The 2022 Archive-It Virtual Partner Meeting was held on November 2, 2022 [agenda]
Archiving and Data Services Update, Jefferson Bailey and Thomas Padilla, Internet Archive
Archives Unleashed Cohort Program, Samantha Fritz, Archives Unleashed
Using Web Archives to Assess Municipal Responses to the COVID 19 Pandemic, Cal Murgu, Brock University
State Elections Web Archive, Miranda Siler, Ivy Plus Library Confederation, and Ryan Denniston, Duke University Libraries
Web Archiving Workflows with GitLab, Robert Manley, Washington University in St. Louis
Partners Valerie Collins (University of Minnesota), Dan Johnson (University of Iowa), and Dan Noonan (The Ohio State University) discuss web archiving workflows at their institutions with Web Archivist, Karl-Rainer Blumenthal.
Resources Shared during the Archive-It Virtual Partner Meeting 2022 [PDF]
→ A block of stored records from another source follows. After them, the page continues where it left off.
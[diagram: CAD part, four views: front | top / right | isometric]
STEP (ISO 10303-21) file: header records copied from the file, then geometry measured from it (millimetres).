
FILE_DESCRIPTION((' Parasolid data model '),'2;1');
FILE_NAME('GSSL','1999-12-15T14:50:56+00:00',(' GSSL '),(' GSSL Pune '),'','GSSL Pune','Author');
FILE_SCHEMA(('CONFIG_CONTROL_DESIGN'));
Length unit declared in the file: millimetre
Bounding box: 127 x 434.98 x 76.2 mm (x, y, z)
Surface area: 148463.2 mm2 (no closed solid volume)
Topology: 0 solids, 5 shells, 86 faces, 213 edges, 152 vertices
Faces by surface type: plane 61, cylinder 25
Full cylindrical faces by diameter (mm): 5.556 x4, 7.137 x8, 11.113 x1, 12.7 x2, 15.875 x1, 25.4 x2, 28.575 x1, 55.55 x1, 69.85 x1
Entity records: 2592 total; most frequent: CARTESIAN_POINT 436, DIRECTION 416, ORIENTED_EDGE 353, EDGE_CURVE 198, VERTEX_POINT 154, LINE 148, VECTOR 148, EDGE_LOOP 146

Notes from the Jamboards available in Breakout Session Rooms during the final hour of the event are summarized here, if available:
Features that would help enhance access included:
- Ways to see changes in a URL over time
- Dashboards to organize collections in different ways
- Auto-citation within public seeds
- Ability to see who else is collecting the URL and share notes
Currently, users can access collections with finding aids at some institutions.
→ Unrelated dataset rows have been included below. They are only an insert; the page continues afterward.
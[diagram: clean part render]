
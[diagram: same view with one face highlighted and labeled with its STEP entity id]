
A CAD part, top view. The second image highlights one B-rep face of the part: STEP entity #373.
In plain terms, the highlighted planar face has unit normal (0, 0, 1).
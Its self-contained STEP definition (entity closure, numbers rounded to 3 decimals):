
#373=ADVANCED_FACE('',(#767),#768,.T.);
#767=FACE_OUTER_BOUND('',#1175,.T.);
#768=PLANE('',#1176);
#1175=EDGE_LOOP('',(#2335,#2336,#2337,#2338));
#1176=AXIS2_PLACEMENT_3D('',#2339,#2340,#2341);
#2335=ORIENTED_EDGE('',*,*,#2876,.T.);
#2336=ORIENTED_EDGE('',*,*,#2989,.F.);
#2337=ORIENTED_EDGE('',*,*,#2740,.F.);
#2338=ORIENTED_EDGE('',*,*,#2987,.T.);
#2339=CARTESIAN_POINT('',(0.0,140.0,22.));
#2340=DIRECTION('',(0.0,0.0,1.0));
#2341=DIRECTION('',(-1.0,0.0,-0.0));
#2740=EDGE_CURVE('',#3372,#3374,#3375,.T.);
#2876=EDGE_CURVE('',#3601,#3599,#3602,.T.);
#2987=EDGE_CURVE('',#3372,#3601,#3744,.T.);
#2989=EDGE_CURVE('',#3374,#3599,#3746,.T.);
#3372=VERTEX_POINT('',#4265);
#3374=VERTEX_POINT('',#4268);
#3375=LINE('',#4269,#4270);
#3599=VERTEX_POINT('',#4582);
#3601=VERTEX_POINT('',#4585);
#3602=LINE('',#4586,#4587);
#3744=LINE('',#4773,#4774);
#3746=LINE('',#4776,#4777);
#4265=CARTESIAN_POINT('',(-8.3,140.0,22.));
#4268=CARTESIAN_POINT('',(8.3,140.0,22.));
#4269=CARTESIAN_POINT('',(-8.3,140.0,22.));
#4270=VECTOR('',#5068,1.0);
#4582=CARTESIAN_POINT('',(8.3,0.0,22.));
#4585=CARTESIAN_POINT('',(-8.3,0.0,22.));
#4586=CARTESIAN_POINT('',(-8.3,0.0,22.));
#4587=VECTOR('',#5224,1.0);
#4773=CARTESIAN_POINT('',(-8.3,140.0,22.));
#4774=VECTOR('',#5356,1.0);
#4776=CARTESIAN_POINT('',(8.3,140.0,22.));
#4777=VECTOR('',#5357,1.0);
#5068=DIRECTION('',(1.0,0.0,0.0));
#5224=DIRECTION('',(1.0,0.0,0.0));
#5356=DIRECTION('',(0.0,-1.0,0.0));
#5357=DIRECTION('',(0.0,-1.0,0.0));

Approaches to QA varied, some worked on teams, others worked alone. In general, the time-consuming aspect came up, especially on special projects for stakeholders. Knowing when enough is enough on frequent crawls can be challenging.
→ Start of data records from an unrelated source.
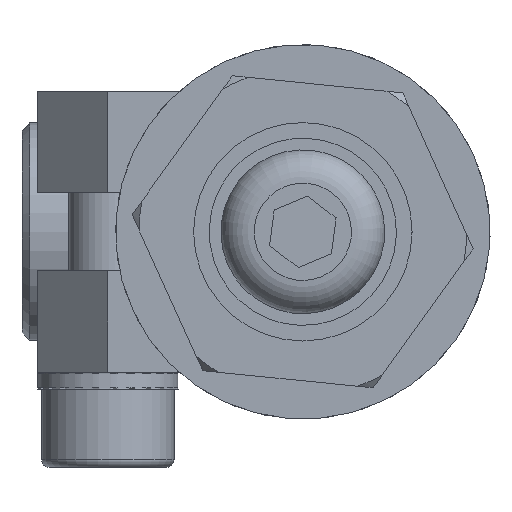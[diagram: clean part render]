
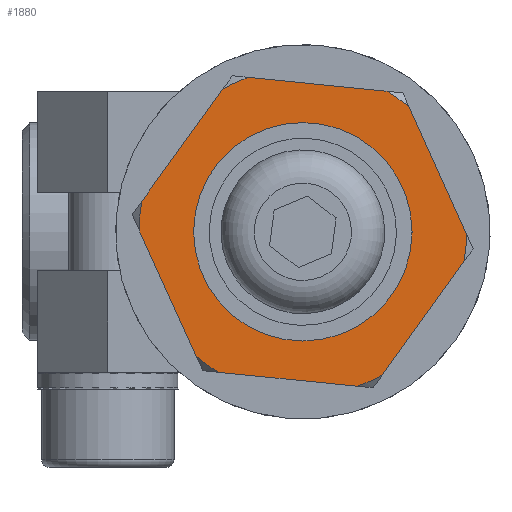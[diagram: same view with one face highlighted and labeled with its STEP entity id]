
A CAD part, front view. The second image highlights one B-rep face of the part: STEP entity #1880.
In plain terms, the highlighted face is planar.
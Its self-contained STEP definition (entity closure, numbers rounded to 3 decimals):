
#1880=ADVANCED_FACE('',(#3622,#3623),#3624,.T.);
#3622=FACE_BOUND('',#6211,.T.);
#3623=FACE_OUTER_BOUND('',#6212,.T.);
#3624=PLANE('',#6213);
#6211=EDGE_LOOP('',(#11142));
#6212=EDGE_LOOP('',(#11143,#11144,#11145,#11146,#11147,#11148,#11149,#11150,#11151,#11152,#11153,#11154));
#6213=AXIS2_PLACEMENT_3D('',#11155,#11156,#11157);
#11142=ORIENTED_EDGE('',*,*,#13261,.F.);
#11143=ORIENTED_EDGE('',*,*,#13258,.F.);
#11144=ORIENTED_EDGE('',*,*,#13263,.T.);
#11145=ORIENTED_EDGE('',*,*,#13264,.F.);
#11146=ORIENTED_EDGE('',*,*,#13265,.T.);
#11147=ORIENTED_EDGE('',*,*,#13266,.F.);
#11148=ORIENTED_EDGE('',*,*,#13267,.T.);
#11149=ORIENTED_EDGE('',*,*,#13268,.F.);
#11150=ORIENTED_EDGE('',*,*,#13269,.T.);
#11151=ORIENTED_EDGE('',*,*,#13270,.F.);
#11152=ORIENTED_EDGE('',*,*,#13271,.T.);
#11153=ORIENTED_EDGE('',*,*,#13272,.F.);
#11154=ORIENTED_EDGE('',*,*,#13273,.T.);
#11155=CARTESIAN_POINT('',(17.321,10.0,0.0));
#11156=DIRECTION('',(0.0,0.0,1.0));
#11157=DIRECTION('',(1.0,0.0,0.0));
#13258=EDGE_CURVE('',#16208,#16196,#16210,.T.);
#13261=EDGE_CURVE('',#16214,#16214,#16215,.T.);
#13263=EDGE_CURVE('',#16208,#16217,#16218,.T.);
#13264=EDGE_CURVE('',#16219,#16217,#16220,.T.);
#13265=EDGE_CURVE('',#16219,#16221,#16222,.T.);
#13266=EDGE_CURVE('',#16223,#16221,#16224,.T.);
#13267=EDGE_CURVE('',#16223,#16225,#16226,.T.);
#13268=EDGE_CURVE('',#16227,#16225,#16228,.T.);
#13269=EDGE_CURVE('',#16227,#16229,#16230,.T.);
#13270=EDGE_CURVE('',#16231,#16229,#16232,.T.);
#13271=EDGE_CURVE('',#16231,#16233,#16234,.T.);
#13272=EDGE_CURVE('',#16235,#16233,#16236,.T.);
#13273=EDGE_CURVE('',#16235,#16196,#16237,.T.);
#16196=VERTEX_POINT('',#20563);
#16208=VERTEX_POINT('',#20587);
#16210=LINE('',#20592,#20593);
#16214=VERTEX_POINT('',#20597);
#16215=CIRCLE('',#20598,6.188);
#16217=VERTEX_POINT('',#20600);
#16218=CIRCLE('',#20601,10.499);
#16219=VERTEX_POINT('',#20602);
#16220=LINE('',#20603,#20604);
#16221=VERTEX_POINT('',#20605);
#16222=CIRCLE('',#20606,10.499);
#16223=VERTEX_POINT('',#20607);
#16224=LINE('',#20608,#20609);
#16225=VERTEX_POINT('',#20610);
#16226=CIRCLE('',#20611,10.499);
#16227=VERTEX_POINT('',#20612);
#16228=LINE('',#20613,#20614);
#16229=VERTEX_POINT('',#20615);
#16230=CIRCLE('',#20616,10.499);
#16231=VERTEX_POINT('',#20617);
#16232=LINE('',#20618,#20619);
#16233=VERTEX_POINT('',#20620);
#16234=CIRCLE('',#20621,10.499);
#16235=VERTEX_POINT('',#20622);
#16236=LINE('',#20623,#20624);
#16237=CIRCLE('',#20625,10.499);
#20563=CARTESIAN_POINT('',(10.457,0.933,0.0));
#20587=CARTESIAN_POINT('',(5.997,8.617,0.0));
#20592=CARTESIAN_POINT('',(5.485,9.5,0.0));
#20593=VECTOR('',#23074,1.0);
#20597=CARTESIAN_POINT('',(6.188,0.0,0.0));
#20598=AXIS2_PLACEMENT_3D('',#23078,#23079,#23080);
#20600=CARTESIAN_POINT('',(4.469,9.5,0.0));
#20601=AXIS2_PLACEMENT_3D('',#23081,#23082,#23083);
#20602=CARTESIAN_POINT('',(-4.469,9.5,0.0));
#20603=CARTESIAN_POINT('',(-5.485,9.5,0.0));
#20604=VECTOR('',#23084,1.0);
#20605=CARTESIAN_POINT('',(-5.993,8.621,0.0));
#20606=AXIS2_PLACEMENT_3D('',#23085,#23086,#23087);
#20607=CARTESIAN_POINT('',(-10.462,0.879,0.0));
#20608=CARTESIAN_POINT('',(-10.97,0.0,0.0));
#20609=VECTOR('',#23088,1.0);
#20610=CARTESIAN_POINT('',(-10.462,-0.879,0.0));
#20611=AXIS2_PLACEMENT_3D('',#23089,#23090,#23091);
#20612=CARTESIAN_POINT('',(-5.993,-8.621,0.0));
#20613=CARTESIAN_POINT('',(-5.485,-9.5,0.0));
#20614=VECTOR('',#23092,1.0);
#20615=CARTESIAN_POINT('',(-4.469,-9.5,0.0));
#20616=AXIS2_PLACEMENT_3D('',#23093,#23094,#23095);
#20617=CARTESIAN_POINT('',(4.469,-9.5,0.0));
#20618=CARTESIAN_POINT('',(5.485,-9.5,0.0));
#20619=VECTOR('',#23096,1.0);
#20620=CARTESIAN_POINT('',(5.997,-8.617,0.0));
#20621=AXIS2_PLACEMENT_3D('',#23097,#23098,#23099);
#20622=CARTESIAN_POINT('',(10.457,-0.933,0.0));
#20623=CARTESIAN_POINT('',(10.999,0.0,0.0));
#20624=VECTOR('',#23100,1.0);
#20625=AXIS2_PLACEMENT_3D('',#23101,#23102,#23103);
#23074=DIRECTION('',(0.502,-0.865,0.0));
#23078=CARTESIAN_POINT('',(0.,0.0,0.0));
#23079=DIRECTION('',(0.0,0.0,1.0));
#23080=DIRECTION('',(1.0,0.0,0.0));
#23081=CARTESIAN_POINT('',(0.0,0.0,0.0));
#23082=DIRECTION('',(0.0,0.0,1.0));
#23083=DIRECTION('',(1.0,0.0,0.0));
#23084=DIRECTION('',(1.0,0.0,0.0));
#23085=CARTESIAN_POINT('',(0.0,0.0,0.0));
#23086=DIRECTION('',(0.0,0.0,1.0));
#23087=DIRECTION('',(1.0,0.0,0.0));
#23088=DIRECTION('',(0.5,0.866,0.0));
#23089=CARTESIAN_POINT('',(0.0,0.0,0.0));
#23090=DIRECTION('',(0.0,0.0,1.0));
#23091=DIRECTION('',(1.0,0.0,0.0));
#23092=DIRECTION('',(-0.5,0.866,0.0));
#23093=CARTESIAN_POINT('',(0.0,0.0,0.0));
#23094=DIRECTION('',(0.0,0.0,1.0));
#23095=DIRECTION('',(1.0,0.0,0.0));
#23096=DIRECTION('',(-1.0,0.0,0.0));
#23097=CARTESIAN_POINT('',(0.0,0.0,0.0));
#23098=DIRECTION('',(0.0,0.0,1.0));
#23099=DIRECTION('',(1.0,0.0,0.0));
#23100=DIRECTION('',(-0.502,-0.865,0.0));
#23101=CARTESIAN_POINT('',(0.0,0.0,0.0));
#23102=DIRECTION('',(0.0,0.0,1.0));
#23103=DIRECTION('',(1.0,0.0,0.0));

Most institutions used spreadsheets to help coordinate their QA workflows. Some additional tools mentioned included GitLab's Project Management feature, Filemaker Pro, Conifer, and Access Databases.
Advice to New Users conducting QA included:
- Be patient, don't get frustrated
- It gets easier as you spot common issues
- Use the crawl report to scope seeds (especially Regular Expressions for crawler traps found in Hosts Reports)
- Use data limits on crawls to control data budgets
- Use the Help Center and Video Tutorials
- Submit Support Tickets and use Live Chat Support
Attendees wanted to collect content on these platforms because that content wasn't present anywhere else on the web, especially content from younger people or smaller organizations only on Facebook or Instagram.
They were also interested in how other institutions were approaching copyright issues on these platforms and finding workarounds for blocks currently on some of these platforms (Grahmir mentioned for Instagram).
Attendees mentioned currently using Lib Nova and Preservica (as a pilot, but concerned about sustainability). Blockers to their current digital preservation work included immediate management and their budget (with respect to the business models of other vendors).